Indeed, most experts say that the Bush administration is now too far down the road to military intervention in Iraq and too concerned about terrorism to embrace a nonviolent solution that could take years to bear fruit. Iraq has long lacked the ingredients - free speech, civic organizations, opposition political parties - that made popular uprisings successful elsewhere.

"I see only a very small chance" of a democratic resistance germinating under a regime as harshly repressive as Hussein's, says Charles Tripp, an expert on Iraq at the School of Oriental and African Studies at the University of London. "People know the price of joining any open defiance. Getting together to try to overthrow the regime would be seen as suicide," he adds.

Only once has Hussein's government been threatened by popular wrath. In 1991, as Iraqi troops withdrew in disarray from Kuwait before a US-led assault, Kurds in northern Iraq and Shiite Muslims in the South rose up angrily to take revenge on the regime's officials.

The revolt was bloodily repressed. Iraqis were dismayed when the first President Bush, who had encouraged them to resist, did nothing to help the rebellion. Later, the US, British, and French imposed no-fly zones that allowed the Kurds to establish an autonomous zone.

That fueled "a lot of misgivings" about US intentions, says Faleh Jabar, an Iraqi scholar at the University of London. "Those who took part in the events of 1991 would not move today unless they were certain it was serious," he warns.

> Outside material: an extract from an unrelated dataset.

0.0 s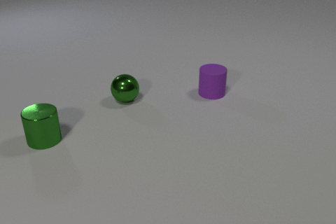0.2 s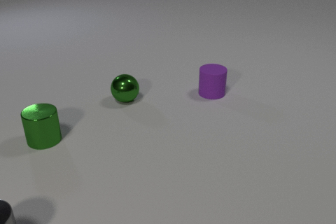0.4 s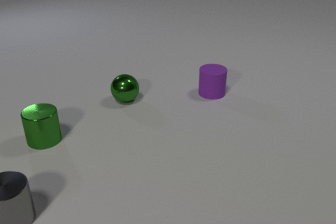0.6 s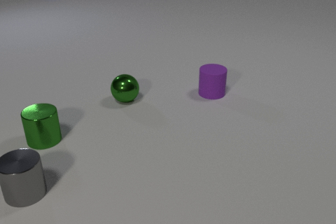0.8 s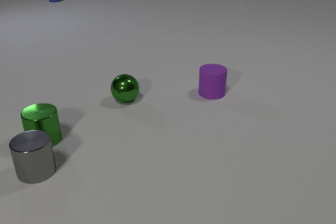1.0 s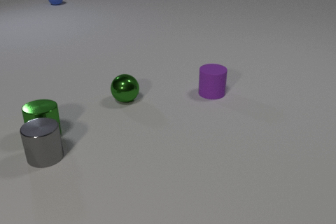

Ackerman, however, says the attacks on Iraqi officers were "absolutely the wrong strategy." The uprising just threatened security forces who then became more dependent on Hussein, he says. Ackerman favors a broad civilian campaign of strikes, and other nonviolent methods that could set off a chain reaction and break the fear. In recent weeks, there have been reports of subtle signs of unrest, including antigovernment graffiti appearing on buildings and statues of Hussein.

Ismail Zayer, an Iraqi activist in Holland, recalls a recent protest by vendors at a Baghdad market, demanding an end to rules obliging them to change money at offices owned by Hussein's son Uday. They marched to the Ministry of Trade, he says, "and at least they were not shot."

The regime is so unpopular, he adds, that the security forces do not enter some "no go" areas in Baghdad at night, and some Shiite Muslims have transformed religious festivals in holy cities in ways that show their disgust with the predominantly Sunni Muslim government.

This past October, angry Iraqi men and women staged a brazen demonstration outside government offices in Baghdad, demanding to know the fate of relatives who had failed to emerge from prisons following a general amnesty.